§ **Exercise instructions**: Write out the opening lines of the data word for word, up to and including the line with "11.725C188.171 9.05 190.396", and leave every picture and every later line out.

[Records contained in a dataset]
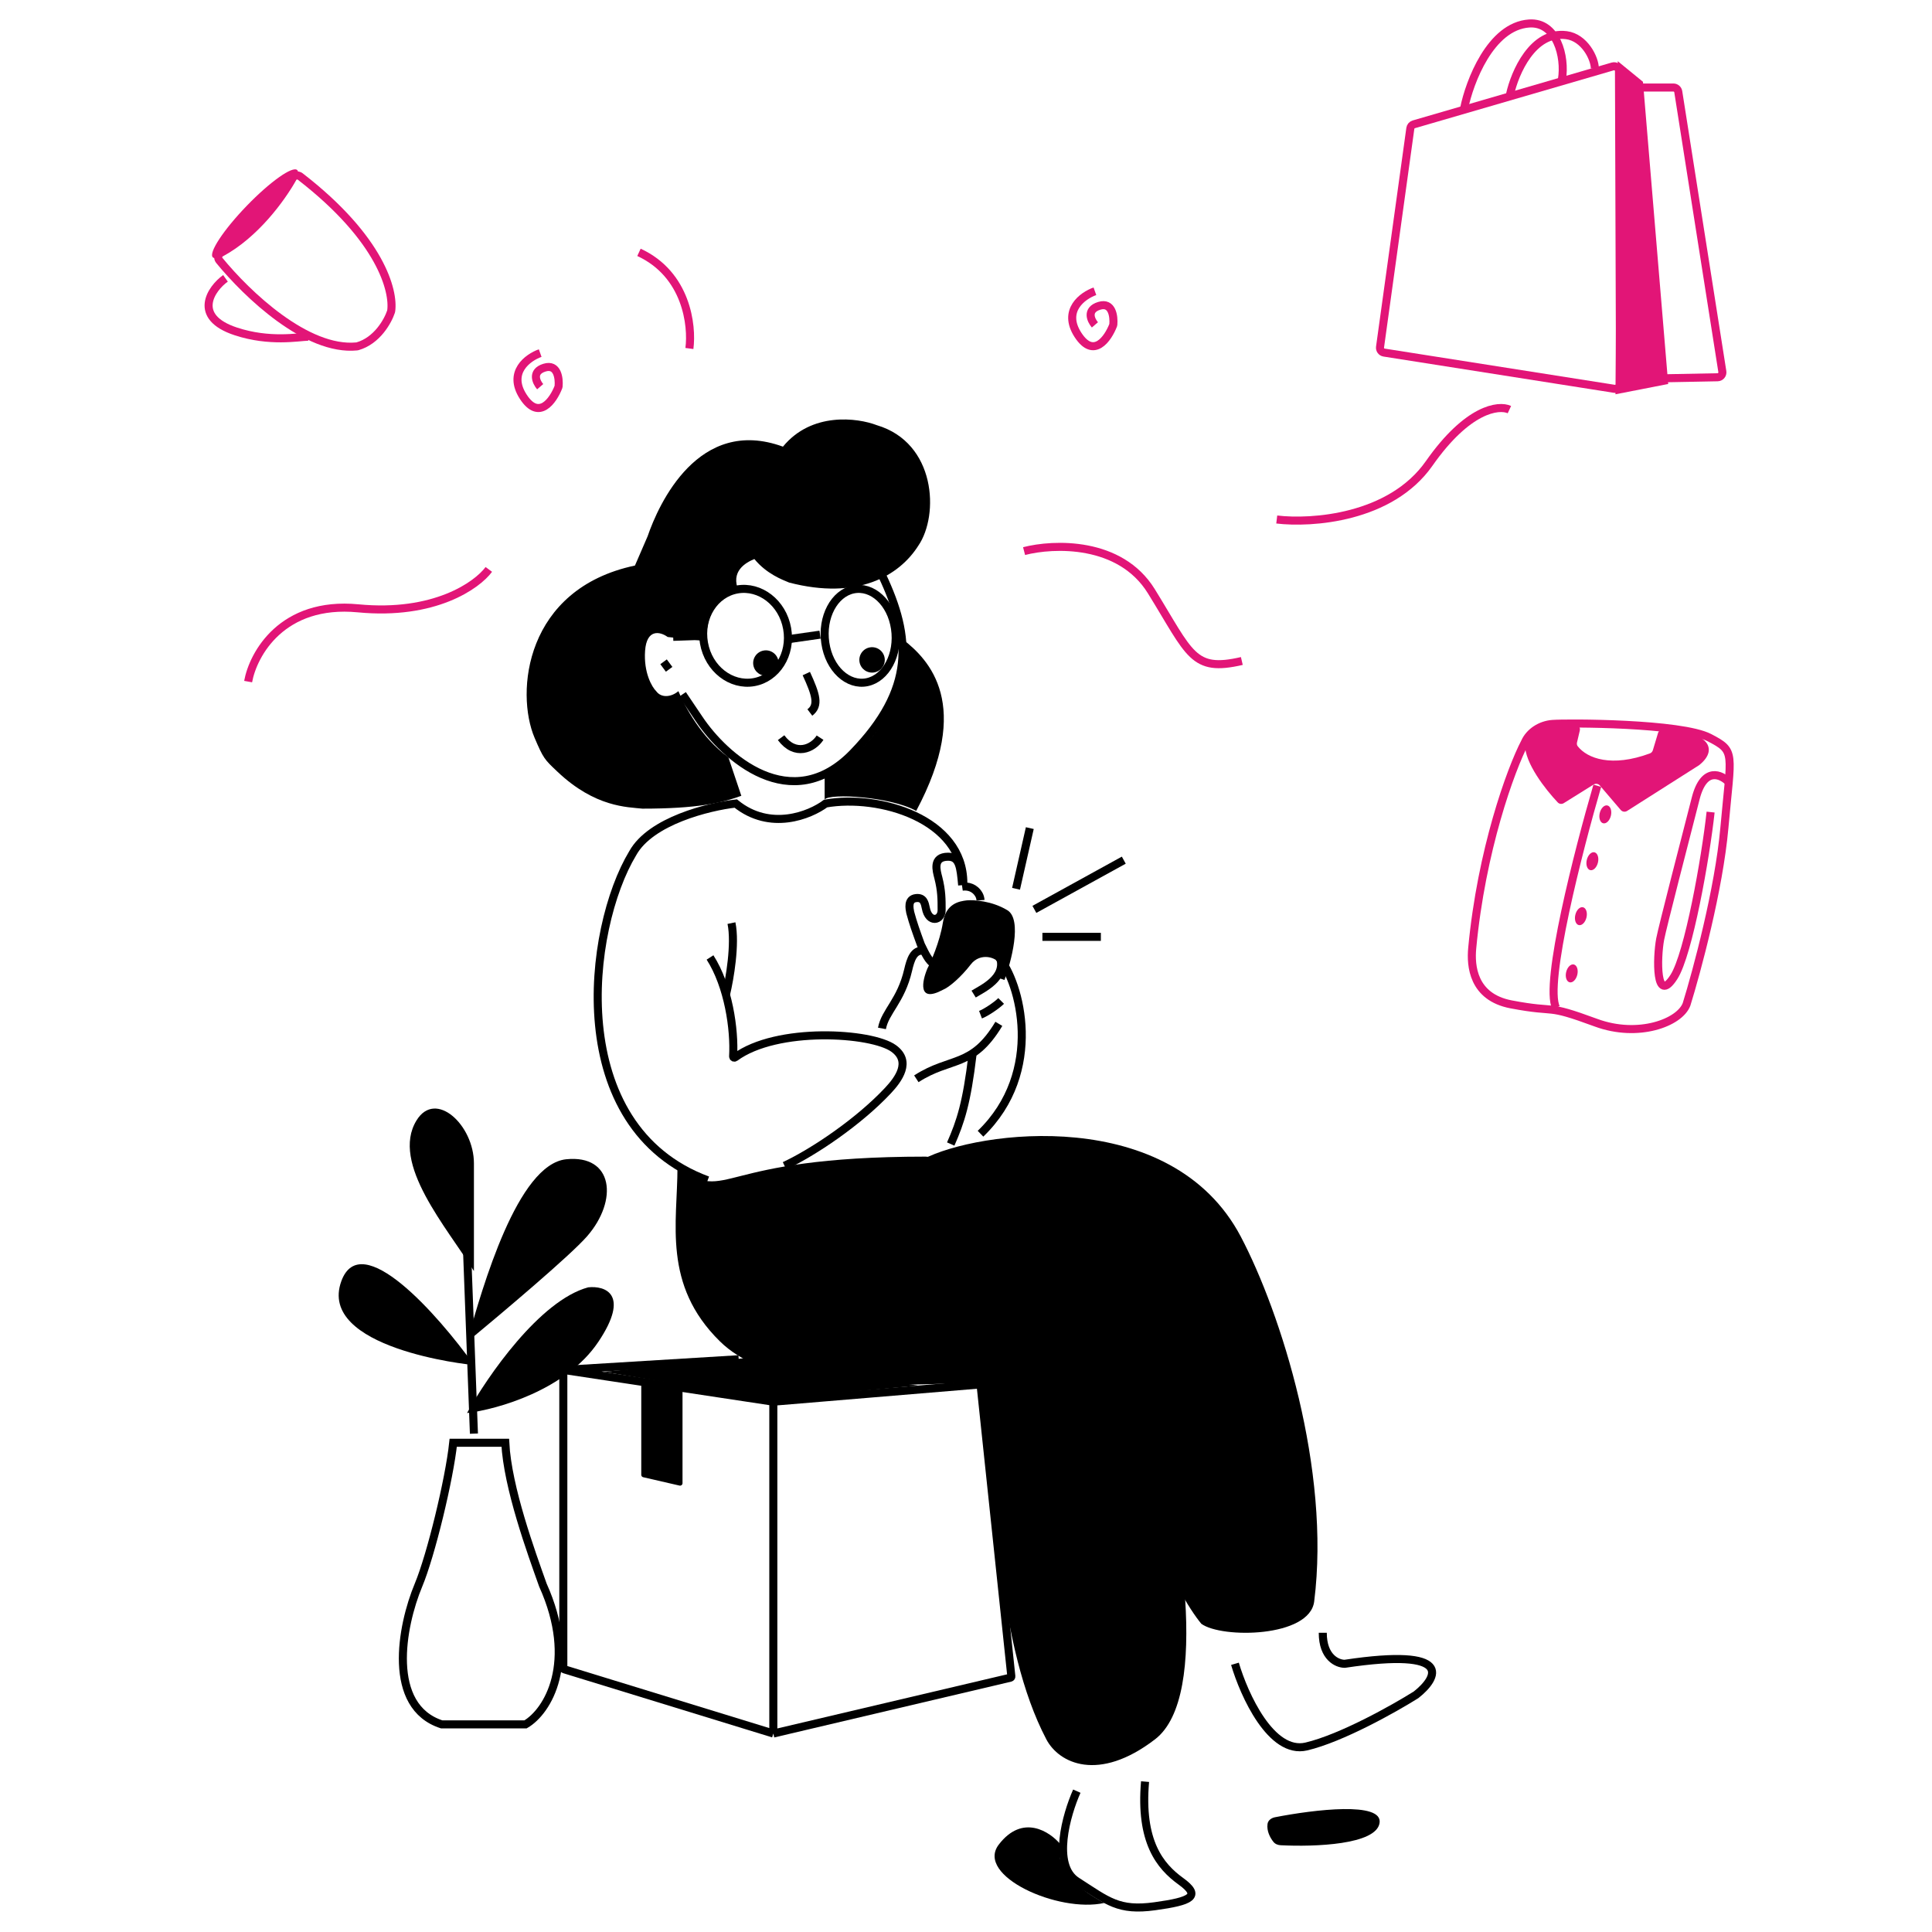 <svg width="240" height="240" viewBox="0 0 240 240" fill="none" xmlns="http://www.w3.org/2000/svg">
<g id="Img">
<g id="ec-easy-shopping">
<path id="Vector 1974" d="M175.197 15.945L171.433 43.114C171.387 43.442 171.613 43.747 171.941 43.799L200.544 48.3C200.914 48.358 201.249 48.071 201.248 47.697L201.116 8.837C201.115 8.432 200.726 8.141 200.337 8.254L175.629 15.444C175.399 15.511 175.229 15.707 175.197 15.945Z" stroke="#E21577" strokeWidth="1.522"/>
<path id="Vector 1975" d="M204.097 10.161L200.965 7.602L200.68 48.98L207.23 47.7L204.097 10.161Z" fill="#E21577"/>
<path id="Vector 1976" d="M204.097 10.872H207.878C208.177 10.872 208.432 11.09 208.479 11.386L213.955 46.162C214.012 46.527 213.735 46.858 213.365 46.865L206.896 46.989" stroke="#E21577" strokeWidth="1.522" strokeLinecap="round"/>
<path id="Vector 1978" d="M187.582 11.725C188.171 9.05 190.396 3.834 194.583 4.369C196.826 4.656 198.117 7.245 198.117 8.515" stroke="#E21577" strokeWidth="1.522" strokeLinecap="round"/>
<path id="Vector 1977" d="M181.887 13.431C182.542 10.223 185.129 3.246 189.959 2.918C193.351 2.688 194.504 7.005 194.029 9.872" stroke="#E21577" strokeWidth="1.522" strokeLinecap="round"/>
<path id="Rectangle 29" d="M79.66 171.549L84.785 172.271V184.249C84.785 184.444 84.603 184.589 84.412 184.545L79.896 183.504C79.757 183.473 79.66 183.35 79.66 183.208V171.549Z" fill="black"/>
<path id="Vector 578" d="M92.655 168.706L74.961 170.412L95.713 173.824L114.012 172.118L92.655 168.706Z" fill="black"/>
<path id="Vector 571" d="M69.978 170.175L96.065 174.122M69.978 170.175V207.218C69.978 207.285 70.022 207.344 70.085 207.363L96.065 215.345M69.978 170.175L91.762 168.848M96.065 174.122L121.655 171.988C121.737 171.981 121.81 172.042 121.819 172.124L125.633 208.244C125.642 208.32 125.592 208.39 125.517 208.408L96.065 215.345M96.065 174.122V215.345" stroke="black" strokeWidth="1.522" strokeLinecap="round"/>
<path id="Vector 1823" d="M124.073 229.14C121.111 233.008 131.476 237.671 137.171 236.392C130.907 232.979 131.524 230.277 131.761 229.14C130.432 227.528 127.034 225.272 124.073 229.14Z" fill="black"/>
<path id="Vector 10" d="M133.766 222.504C132.475 225.404 130.666 231.703 133.766 233.692C137.642 236.178 138.934 237.421 143.455 236.8C147.976 236.178 149.268 235.557 146.684 233.692C144.101 231.827 141.597 228.776 142.243 221.317" stroke="black" strokeWidth="1.522" strokeLinecap="round"/>
<path id="Vector 8" d="M129.977 216.062C123.939 204.538 123.654 186.48 121.81 171.659C105.047 172.654 94.643 171.747 89.432 166.629C82.261 159.587 84.158 151.872 84.158 145.015C90.694 149.591 88.549 143.68 114.969 143.68C139.618 145.045 146.745 180.934 147.228 198.708C147.729 206.42 146.984 213.375 143.486 216.062C136.462 221.459 131.539 219.042 129.977 216.062Z" fill="black"/>
<path id="Vector" d="M113.813 100.738C120.84 87.557 115.437 81.944 112.131 79.409C112.522 89.39 105.934 94.752 102.44 96.123V99.316C103.058 98.506 110.708 98.976 113.813 100.738Z" fill="black"/>
<path id="Vector_2" d="M69.264 95.879C73.948 100.311 77.964 100.248 79.794 100.453C86.572 100.453 89.561 99.769 92.09 98.857L90.48 94.068C87.098 91.635 85.058 87.716 84.273 85.859C83.392 86.601 82.152 86.74 81.514 85.859C81.002 85.372 79.94 83.564 80.135 80.841C80.33 78.119 81.974 78.424 82.942 79.13L87.78 79.649C87.576 75.148 90.363 73.646 91.782 73.457C90.667 70.964 92.661 69.873 93.711 69.445C95.216 71.282 97.189 72.022 98.023 72.366C106.514 74.577 111.696 71.55 114.088 67.771C116.685 63.956 116.265 54.998 108.919 52.817C106.517 51.897 100.822 51.142 97.26 55.486C86.774 51.649 81.811 62.631 80.45 66.618L78.876 70.254C65.211 73.148 64.008 86.017 66.408 91.653C67.497 94.208 67.64 94.344 69.192 95.811L69.264 95.879Z" fill="black"/>
<path id="Vector_3" d="M87.45 79.881C88.022 83.111 90.831 85.231 93.638 84.742C96.444 84.254 98.355 81.313 97.782 78.083C97.209 74.854 94.401 72.734 91.594 73.222C88.787 73.711 86.877 76.651 87.45 79.881Z" stroke="black" strokeWidth="1.522"/>
<path id="Vector_4" d="M102.525 79.881C103.005 83.111 105.358 85.231 107.71 84.742C110.062 84.254 111.662 81.313 111.182 78.083C110.702 74.854 108.35 72.734 105.998 73.222C103.646 73.711 102.045 76.651 102.525 79.881Z" stroke="black" strokeWidth="1.522"/>
<path id="Vector_5" d="M101.871 78.84L97.884 79.409" stroke="black" strokeWidth="1.522" strokeLinecap="round"/>
<path id="Vector_6" d="M101.871 91.637C100.99 93 98.79 94.001 97.03 91.637" stroke="black" strokeWidth="1.522" strokeLinecap="round"/>
<path id="Vector_7" d="M100.162 83.674C101.378 86.311 101.766 87.63 100.602 88.509" stroke="black" strokeWidth="1.522" strokeLinecap="round"/>
<path id="Vector_8" d="M108.604 83.529C107.745 83.679 106.926 83.106 106.775 82.248C106.624 81.39 107.198 80.572 108.058 80.421C108.917 80.27 109.736 80.844 109.887 81.702C110.038 82.56 109.464 83.378 108.604 83.529Z" fill="black"/>
<path id="Vector_9" d="M95.414 83.921C94.555 84.072 93.736 83.498 93.585 82.64C93.434 81.782 94.008 80.964 94.868 80.813C95.727 80.662 96.546 81.236 96.697 82.094C96.848 82.952 96.273 83.77 95.414 83.921Z" fill="black"/>
<path id="Vector_10" d="M82.431 82.211C82.584 82.417 82.935 82.891 83.122 83.144" stroke="black" strokeWidth="1.522" strokeLinecap="round"/>
<path id="Vector_11" d="M109.567 71.446C113.258 79.242 113.66 85.593 105.962 93.545C98.264 101.498 90.012 94.04 86.849 89.316L84.785 86.254" stroke="black" strokeWidth="1.522" strokeLinecap="round"/>
<path id="Vector_12" d="M87.034 78.994L83.627 79.109" stroke="black" strokeWidth="1.522" strokeLinecap="round"/>
<path id="Vector_13" d="M124.085 118.938C126.697 121.951 129.802 133.116 121.803 140.836" stroke="black" strokeWidth="1.522" strokeLinecap="round"/>
<path id="Vector_14" d="M119.668 109.696C119.668 101.733 109.237 98.649 102.562 99.817C100.624 101.263 95.677 103.286 91.397 99.817C88.063 100.198 80.836 101.965 78.603 105.983C72.943 115.344 69.996 140.002 87.908 146.623" stroke="black" strokeWidth="1.522" strokeLinecap="round"/>
<path id="Vector_15" d="M88.202 118.938C90.482 122.494 91.264 127.846 91.071 131.236C91.064 131.357 91.205 131.433 91.302 131.361C96.483 127.524 108.263 128.247 111.014 130.242C113.252 131.864 111.621 134.072 110.3 135.481C106.659 139.361 101.081 143.123 97.457 144.817" stroke="black" strokeWidth="1.522" strokeLinecap="round"/>
<path id="Vector_16" d="M125.136 113.068C127.049 114.223 125.574 119.588 124.777 121.737L124.084 121.494L124.278 120.653L124.213 119.811C123.854 118.922 121.784 118.255 120.589 119.811C119.42 121.332 117.936 122.636 117.126 122.96C113.969 124.65 114.535 121.886 115.213 120.293C115.611 119.551 116.743 117.025 117.126 114.624C117.508 112.223 119.158 111.956 120.115 111.845C120.991 111.771 123.223 111.912 125.136 113.068Z" fill="black"/>
<path id="Vector_17" d="M119.525 110.147C120.238 110.042 121.099 110.255 121.604 111.138C121.713 111.328 121.784 111.556 121.803 111.829" stroke="black" strokeWidth="1.522" strokeLinecap="round"/>
<path id="Vector_18" d="M116.032 119.791C115.327 119.31 115.005 118.587 114.4 117.357C113.796 115.698 113.446 114.734 113.071 113.345C112.99 112.899 112.701 111.688 113.796 111.562C114.763 111.451 114.884 112.231 115.005 112.788C115.367 114.734 116.973 114.386 116.973 113.049C116.973 111.711 116.973 110.64 116.563 109.036C116.347 108.191 115.796 106.425 117.779 106.425C119.203 106.425 119.316 107.728 119.525 109.957" stroke="black" strokeWidth="1.522" strokeLinecap="round"/>
<path id="Vector_19" d="M124.081 127.186C120.753 132.721 118.109 131.243 113.83 134.011" stroke="black" strokeWidth="1.522" strokeLinecap="round"/>
<path id="Vector_20" d="M109.559 127.754C109.953 125.64 111.924 124.332 112.811 120.507C113.116 119.193 113.502 117.99 114.684 118.091" stroke="black" strokeWidth="1.522" strokeLinecap="round"/>
<path id="Vector 11" d="M153.411 206.683C154.547 210.535 157.911 217.982 162.274 216.955C166.637 215.927 173.182 212.247 175.909 210.535C178.636 208.395 180.681 204.629 167.046 206.683C166.137 206.683 164.319 205.913 164.319 202.832" stroke="black" strokeWidth="1.522" strokeLinecap="round"/>
<path id="Vector 3" d="M73.063 159.918C67.045 161.547 60.526 171.005 58.018 175.531C61.779 175.078 70.305 172.68 74.317 166.706C78.329 160.732 75.153 159.691 73.063 159.918Z" fill="black"/>
<path id="Vector 4" d="M70.341 144.007C64.305 144.625 59.964 159.743 58.018 166.715C62.342 163.129 70.86 155.959 72.936 153.568C76.827 149.087 76.178 143.41 70.341 144.007Z" fill="black"/>
<path id="Vector 5" d="M51.746 139.174C48.457 144.52 55.584 152.553 58.873 157.899L58.873 144.52C58.873 139.768 54.121 135.314 51.746 139.174Z" fill="black"/>
<path id="Vector 6" d="M58.873 169.559C54.4 163.308 44.844 152.473 42.405 159.14C39.355 167.475 58.263 169.559 58.873 169.559Z" fill="black"/>
<path id="Vector 7" d="M58.873 178.09L58.018 155.339" stroke="black" strokeWidth="1.522" strokeLinecap="round"/>
<path id="Vector 1" d="M51.989 196.901C53.529 193.219 55.821 183.769 56.3 179.228H62.768C63.055 184.824 66.001 192.851 67.439 196.901C71.75 206.475 68.038 212.611 65.283 214.207H54.863C48.036 211.998 49.833 202.056 51.989 196.901Z" stroke="black" strokeWidth="1.522"/>
<path id="Vector 14" d="M90.196 123.488C90.642 121.632 91.401 117.271 90.865 114.672" stroke="black" strokeWidth="1.522" strokeLinecap="round"/>
<path id="Vector 15" d="M120.949 123.488C122.041 122.814 125.046 121.466 124.226 118.938" stroke="black" strokeWidth="1.522" strokeLinecap="round"/>
<path id="Vector 16" d="M121.803 126.048C122.468 125.795 123.797 124.91 124.366 124.341" stroke="black" strokeWidth="1.522" strokeLinecap="round"/>
<path id="Vector 1821" d="M118.102 142.115C119.335 139.319 120.095 136.996 120.807 131.024" stroke="black" strokeWidth="1.522" strokeLinecap="round"/>
<path id="Vector 1822" d="M154.145 153.634C145.505 137.198 121.426 140.454 114.684 143.993C131.784 145.746 136.135 157.623 136.825 163.163C139.399 185.139 146.171 198.02 149.235 201.714C151.763 203.56 162.687 203.429 163.253 198.944C165.322 182.554 159.121 163.098 154.145 153.634Z" fill="black"/>
<path id="Vector 1824" d="M171.375 226.456C171.79 223.766 163.301 224.787 158.39 225.743C157.936 225.831 157.52 226.122 157.457 226.58C157.338 227.446 157.763 228.264 158.184 228.797C158.399 229.069 158.733 229.204 159.079 229.221C163.319 229.437 170.959 229.164 171.375 226.456Z" fill="black"/>
<path id="Vector 980" d="M28.01 34.576C26.222 35.845 23.814 39.37 29.311 41.174C33.504 42.55 37.06 41.854 38.288 41.825" stroke="#E21577" strokeWidth="1.522" strokeLinecap="round"/>
<path id="Vector 981" d="M44.311 43.034C38.107 43.642 30.699 36.574 27.237 32.34C26.991 32.038 27.101 31.591 27.444 31.406C31.702 29.111 34.959 24.632 36.364 22.119C36.55 21.787 36.992 21.69 37.293 21.923C47.343 29.691 48.938 36.167 48.597 38.614C48.593 38.645 48.586 38.673 48.577 38.703C48.189 39.884 46.843 42.32 44.41 43.016C44.378 43.025 44.345 43.031 44.311 43.034Z" stroke="#E21577" strokeWidth="1.522" strokeLinecap="round"/>
<ellipse id="Ellipse 178" cx="7.541" cy="1.423" rx="7.541" ry="1.423" transform="matrix(0.695 -0.719 0.72 0.694 25.416 30.983)" fill="#E21577"/>
<path id="Vector 2028" d="M198.422 97.609C196.096 105.572 191.816 122.237 193.296 125.195" stroke="#E21577" strokeWidth="1.522" strokeLinecap="round"/>
<path id="Vector 2026" d="M194.257 99.77L197.958 97.46C198.213 97.301 198.547 97.352 198.743 97.582L201.334 100.619C201.531 100.85 201.868 100.901 202.124 100.738L211.074 95.05C212.498 93.912 212.474 92.88 211.928 92.206C210.989 91.045 208.31 90.616 206.518 90.629C206.261 90.631 206.042 90.806 205.968 91.052L205.322 93.201C205.268 93.381 205.133 93.527 204.957 93.592C200.213 95.347 197.186 94.228 195.992 92.703C195.889 92.571 195.862 92.398 195.9 92.235L196.25 90.748C196.335 90.39 196.085 90.04 195.718 90.019C193.272 89.883 189.433 90.216 189.433 92.49C189.433 94.814 191.97 98.053 193.51 99.681C193.705 99.886 194.017 99.92 194.257 99.77Z" fill="#E21577"/>
<path id="Vector 2027" d="M182.883 117.8C184.022 105.629 187.676 95.571 189.432 92.206C190.002 90.926 191.369 90.044 192.849 89.931C194.7 89.788 208.848 89.809 212.355 91.637C215.63 93.343 215.06 93.343 214.206 102.87C213.523 110.492 210.789 120.644 209.508 124.768C208.653 127.043 203.499 128.977 198.26 127.043C191.71 124.626 193.704 125.905 187.724 124.768C182.94 123.858 182.683 119.933 182.883 117.8Z" stroke="#E21577" strokeWidth="1.522"/>
<path id="Vector 2029" d="M214.776 97.183C213.827 96.187 211.672 95.192 210.647 99.173C209.366 104.15 206.495 115.266 206.233 116.663C205.806 118.938 205.664 124.91 207.942 121.355C209.764 118.512 211.881 106.567 212.498 100.88" stroke="#E21577" strokeWidth="1.522" strokeLinecap="round"/>
<ellipse id="Ellipse 302" cx="0.712" cy="1.138" rx="0.712" ry="1.138" transform="matrix(0.973 0.229 -0.23 0.973 198.987 99.894)" fill="#E21577"/>
<ellipse id="Ellipse 303" cx="0.712" cy="1.138" rx="0.712" ry="1.138" transform="matrix(0.973 0.229 -0.23 0.973 197.378 105.714)" fill="#E21577"/>
<ellipse id="Ellipse 304" cx="0.712" cy="1.138" rx="0.712" ry="1.138" transform="matrix(0.973 0.229 -0.23 0.973 195.954 112.54)" fill="#E21577"/>
<ellipse id="Ellipse 305" cx="0.712" cy="1.138" rx="0.712" ry="1.138" transform="matrix(0.973 0.229 -0.23 0.973 194.815 119.649)" fill="#E21577"/>
<path id="Vector 2030" d="M126.217 110.407L127.926 102.871" stroke="black" strokeWidth="1.522" strokeLinecap="round"/>
<path id="Vector 2031" d="M128.495 112.966L139.601 106.852" stroke="black" strokeWidth="1.522" strokeLinecap="round"/>
<path id="Vector 2032" d="M129.492 116.379H136.753" stroke="black" strokeWidth="1.522" strokeLinecap="round"/>
<path id="Vector 2033" d="M127.214 68.46C130.868 67.512 139.145 67.18 143.017 73.436C147.858 81.257 148.143 83.532 154.265 82.11" stroke="#E21577" strokeWidth="1.522" strokeLinecap="round"/>
<path id="Vector 2034" d="M158.602 64.534C162.92 65.055 172.754 64.391 177.538 57.566C182.322 50.741 186.175 50.267 187.504 50.883" stroke="#E21577" strokeWidth="1.522" strokeLinecap="round"/>
<path id="Vector 2038" d="M85.639 43.292C86.019 40.448 85.298 34.078 79.375 31.348" stroke="#E21577" strokeWidth="1.522" strokeLinecap="round"/>
<path id="Vector 2040" d="M30.824 84.67C31.441 81.257 35.039 74.659 44.492 75.569C53.946 76.479 59.252 72.726 60.723 70.735" stroke="#E21577" strokeWidth="1.522" strokeLinecap="round"/>
<path id="Vector_21" d="M67.104 43.861C65.582 44.401 63.03 46.242 65.001 49.283C66.957 52.303 68.72 49.758 69.373 48.074C69.383 48.049 69.389 48.024 69.391 47.997C69.482 46.99 69.258 45.176 67.645 45.668C66.01 46.167 66.603 47.455 67.104 48.037" stroke="#E21577" strokeWidth="1.522" strokeLinecap="round"/>
<path id="Vector_22" d="M136.014 36.182C134.492 36.722 131.94 38.563 133.911 41.605C135.868 44.624 137.631 42.079 138.284 40.395C138.293 40.37 138.299 40.345 138.302 40.318C138.392 39.312 138.168 37.498 136.555 37.99C134.921 38.488 135.514 39.776 136.014 40.358" stroke="#E21577" strokeWidth="1.522" strokeLinecap="round"/>
</g>
</g>
</svg>

§ **Finished task**:
 <svg width="240" height="240" viewBox="0 0 240 240" fill="none" xmlns="http://www.w3.org/2000/svg">
<g id="Img">
<g id="ec-easy-shopping">
<path id="Vector 1974" d="M175.197 15.945L171.433 43.114C171.387 43.442 171.613 43.747 171.941 43.799L200.544 48.3C200.914 48.358 201.249 48.071 201.248 47.697L201.116 8.837C201.115 8.432 200.726 8.141 200.337 8.254L175.629 15.444C175.399 15.511 175.229 15.707 175.197 15.945Z" stroke="#E21577" strokeWidth="1.522"/>
<path id="Vector 1975" d="M204.097 10.161L200.965 7.602L200.68 48.98L207.23 47.7L204.097 10.161Z" fill="#E21577"/>
<path id="Vector 1976" d="M204.097 10.872H207.878C208.177 10.872 208.432 11.09 208.479 11.386L213.955 46.162C214.012 46.527 213.735 46.858 213.365 46.865L206.896 46.989" stroke="#E21577" strokeWidth="1.522" strokeLinecap="round"/>
<path id="Vector 1978" d="M187.582 11.725C188.171 9.05 190.396 3.834 194.583 4.369C196.826 4.656 198.117 7.245 198.117 8.515" stroke="#E21577" strokeWidth="1.522" strokeLinecap="round"/>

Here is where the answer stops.